▸ **Aim of the exercise**: Give the entries again exactly as they appear, but without the images.

▸ **Provided records**:
.....

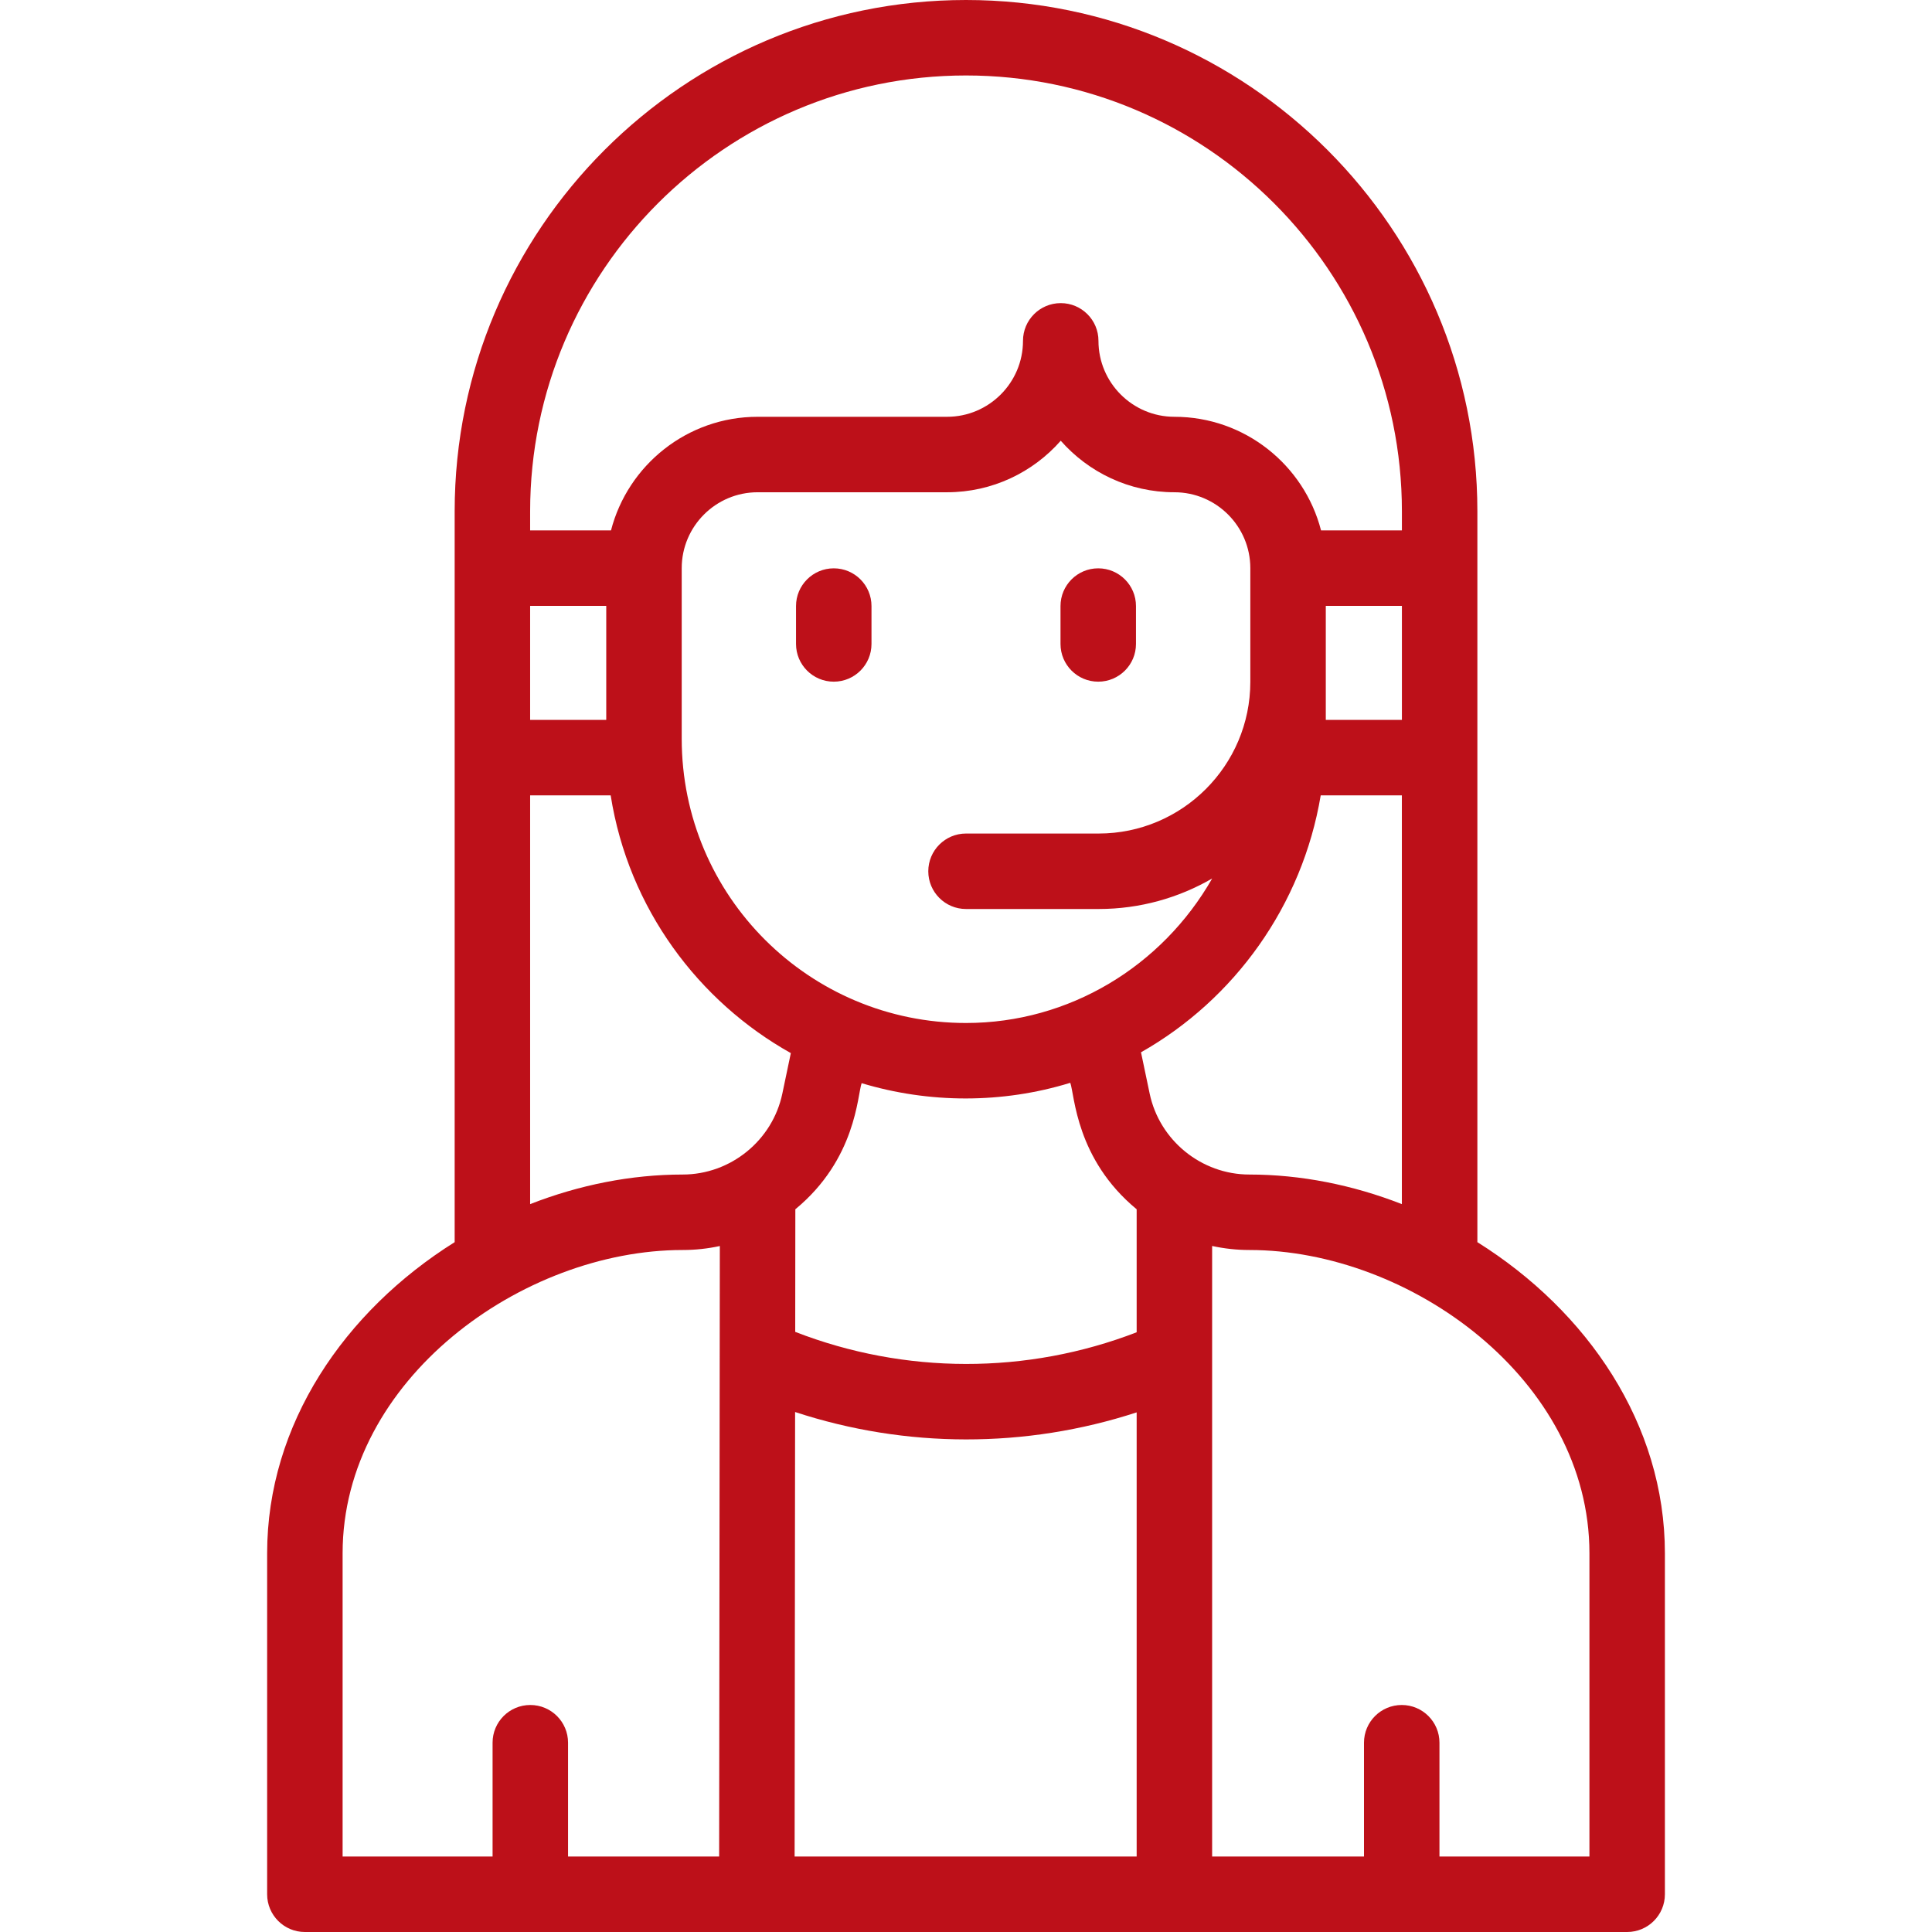 <svg width="48" height="48" viewBox="0 0 48 48" fill="none" xmlns="http://www.w3.org/2000/svg">
<path d="M20.715 16.936C21.233 16.936 21.652 16.516 21.652 15.999V15.057C21.652 14.54 21.233 14.12 20.715 14.12C20.197 14.12 19.777 14.54 19.777 15.057V15.999C19.777 16.516 20.197 16.936 20.715 16.936Z" fill="#BD1019"/>
<path d="M27.285 16.936C27.803 16.936 28.223 16.516 28.223 15.999V15.057C28.223 14.54 27.803 14.12 27.285 14.12C26.767 14.12 26.348 14.54 26.348 15.057V15.999C26.348 16.516 26.767 16.936 27.285 16.936Z" fill="#BD1019"/>
<path d="M36.705 30.861V12.704C36.705 5.699 31.005 0 24 0C16.995 0 11.296 5.699 11.296 12.704V30.861C8.559 32.577 6.637 35.384 6.637 38.591V47.062C6.637 47.58 7.057 48 7.574 48H40.426C40.944 48 41.364 47.58 41.364 47.062V38.591C41.364 35.385 39.443 32.577 36.705 30.861ZM31.04 29.181C29.85 29.181 28.808 28.335 28.563 27.17L28.348 26.144C30.668 24.83 32.354 22.5 32.813 19.76H34.829V29.916C33.606 29.438 32.314 29.181 31.04 29.181ZM16.937 14.116C16.937 13.076 17.783 12.23 18.823 12.23H23.53C24.654 12.23 25.664 11.734 26.354 10.95C27.044 11.734 28.054 12.23 29.178 12.23C30.218 12.23 31.064 13.076 31.064 14.116V16.94C31.064 19.018 29.373 20.709 27.295 20.709H24C23.483 20.709 23.063 21.129 23.063 21.647C23.063 22.164 23.483 22.584 24 22.584H27.295C28.322 22.584 29.285 22.307 30.116 21.826C28.868 24.01 26.562 25.416 24 25.416C20.113 25.416 16.937 22.269 16.937 18.352V14.116ZM32.939 15.053H34.83V17.885H32.939V15.053ZM19.754 35.081C22.508 35.986 25.483 35.989 28.24 35.09V46.125H19.742L19.754 35.081ZM28.24 33.1C25.513 34.153 22.481 34.149 19.757 33.09L19.76 30.044C21.271 28.799 21.3 27.213 21.407 26.911C23.082 27.416 24.902 27.422 26.591 26.902C26.7 27.207 26.73 28.798 28.24 30.044V33.1ZM24 1.875C29.971 1.875 34.83 6.733 34.83 12.704V13.178H32.821C32.403 11.557 30.928 10.355 29.178 10.355C28.137 10.355 27.291 9.508 27.291 8.468C27.291 7.95 26.871 7.531 26.354 7.531C25.836 7.531 25.416 7.95 25.416 8.468C25.416 9.508 24.57 10.355 23.53 10.355H18.823C17.073 10.355 15.598 11.557 15.18 13.178H13.171V12.704C13.171 6.733 18.029 1.875 24 1.875ZM13.171 15.053H15.062V17.885H13.171V15.053ZM13.171 19.76H15.172C15.615 22.578 17.363 24.886 19.648 26.164L19.437 27.17C19.193 28.335 18.151 29.181 16.961 29.181C15.686 29.181 14.394 29.438 13.171 29.916V19.76ZM8.512 38.591C8.512 34.278 12.972 31.056 16.961 31.056C17.276 31.056 17.585 31.022 17.884 30.957L17.867 46.125H14.113V43.297C14.113 42.779 13.693 42.36 13.175 42.36C12.657 42.36 12.238 42.779 12.238 43.297V46.125H8.512V38.591ZM39.489 46.125H35.763V43.297C35.763 42.779 35.343 42.36 34.826 42.36C34.308 42.36 33.888 42.779 33.888 43.297V46.125H30.115C30.115 44.51 30.115 32.778 30.115 30.956C30.415 31.021 30.724 31.056 31.04 31.056C35.028 31.056 39.489 34.278 39.489 38.59V46.125Z" fill="#BD1019"/>
</svg>

.....

▸ **Task answer**:
 <svg width="48" height="48" viewBox="0 0 48 48" fill="none" xmlns="http://www.w3.org/2000/svg">
<path d="M20.715 16.936C21.233 16.936 21.652 16.516 21.652 15.999V15.057C21.652 14.54 21.233 14.12 20.715 14.12C20.197 14.12 19.777 14.54 19.777 15.057V15.999C19.777 16.516 20.197 16.936 20.715 16.936Z" fill="#BD1019"/>
<path d="M27.285 16.936C27.803 16.936 28.223 16.516 28.223 15.999V15.057C28.223 14.54 27.803 14.12 27.285 14.12C26.767 14.12 26.348 14.54 26.348 15.057V15.999C26.348 16.516 26.767 16.936 27.285 16.936Z" fill="#BD1019"/>
<path d="M36.705 30.861V12.704C36.705 5.699 31.005 0 24 0C16.995 0 11.296 5.699 11.296 12.704V30.861C8.559 32.577 6.637 35.384 6.637 38.591V47.062C6.637 47.58 7.057 48 7.574 48H40.426C40.944 48 41.364 47.58 41.364 47.062V38.591C41.364 35.385 39.443 32.577 36.705 30.861ZM31.04 29.181C29.85 29.181 28.808 28.335 28.563 27.17L28.348 26.144C30.668 24.83 32.354 22.5 32.813 19.76H34.829V29.916C33.606 29.438 32.314 29.181 31.04 29.181ZM16.937 14.116C16.937 13.076 17.783 12.23 18.823 12.23H23.53C24.654 12.23 25.664 11.734 26.354 10.95C27.044 11.734 28.054 12.23 29.178 12.23C30.218 12.23 31.064 13.076 31.064 14.116V16.94C31.064 19.018 29.373 20.709 27.295 20.709H24C23.483 20.709 23.063 21.129 23.063 21.647C23.063 22.164 23.483 22.584 24 22.584H27.295C28.322 22.584 29.285 22.307 30.116 21.826C28.868 24.01 26.562 25.416 24 25.416C20.113 25.416 16.937 22.269 16.937 18.352V14.116ZM32.939 15.053H34.83V17.885H32.939V15.053ZM19.754 35.081C22.508 35.986 25.483 35.989 28.24 35.09V46.125H19.742L19.754 35.081ZM28.24 33.1C25.513 34.153 22.481 34.149 19.757 33.09L19.76 30.044C21.271 28.799 21.3 27.213 21.407 26.911C23.082 27.416 24.902 27.422 26.591 26.902C26.7 27.207 26.73 28.798 28.24 30.044V33.1ZM24 1.875C29.971 1.875 34.83 6.733 34.83 12.704V13.178H32.821C32.403 11.557 30.928 10.355 29.178 10.355C28.137 10.355 27.291 9.508 27.291 8.468C27.291 7.95 26.871 7.531 26.354 7.531C25.836 7.531 25.416 7.95 25.416 8.468C25.416 9.508 24.57 10.355 23.53 10.355H18.823C17.073 10.355 15.598 11.557 15.18 13.178H13.171V12.704C13.171 6.733 18.029 1.875 24 1.875ZM13.171 15.053H15.062V17.885H13.171V15.053ZM13.171 19.76H15.172C15.615 22.578 17.363 24.886 19.648 26.164L19.437 27.17C19.193 28.335 18.151 29.181 16.961 29.181C15.686 29.181 14.394 29.438 13.171 29.916V19.76ZM8.512 38.591C8.512 34.278 12.972 31.056 16.961 31.056C17.276 31.056 17.585 31.022 17.884 30.957L17.867 46.125H14.113V43.297C14.113 42.779 13.693 42.36 13.175 42.36C12.657 42.36 12.238 42.779 12.238 43.297V46.125H8.512V38.591ZM39.489 46.125H35.763V43.297C35.763 42.779 35.343 42.36 34.826 42.36C34.308 42.36 33.888 42.779 33.888 43.297V46.125H30.115C30.115 44.51 30.115 32.778 30.115 30.956C30.415 31.021 30.724 31.056 31.04 31.056C35.028 31.056 39.489 34.278 39.489 38.59V46.125Z" fill="#BD1019"/>
</svg>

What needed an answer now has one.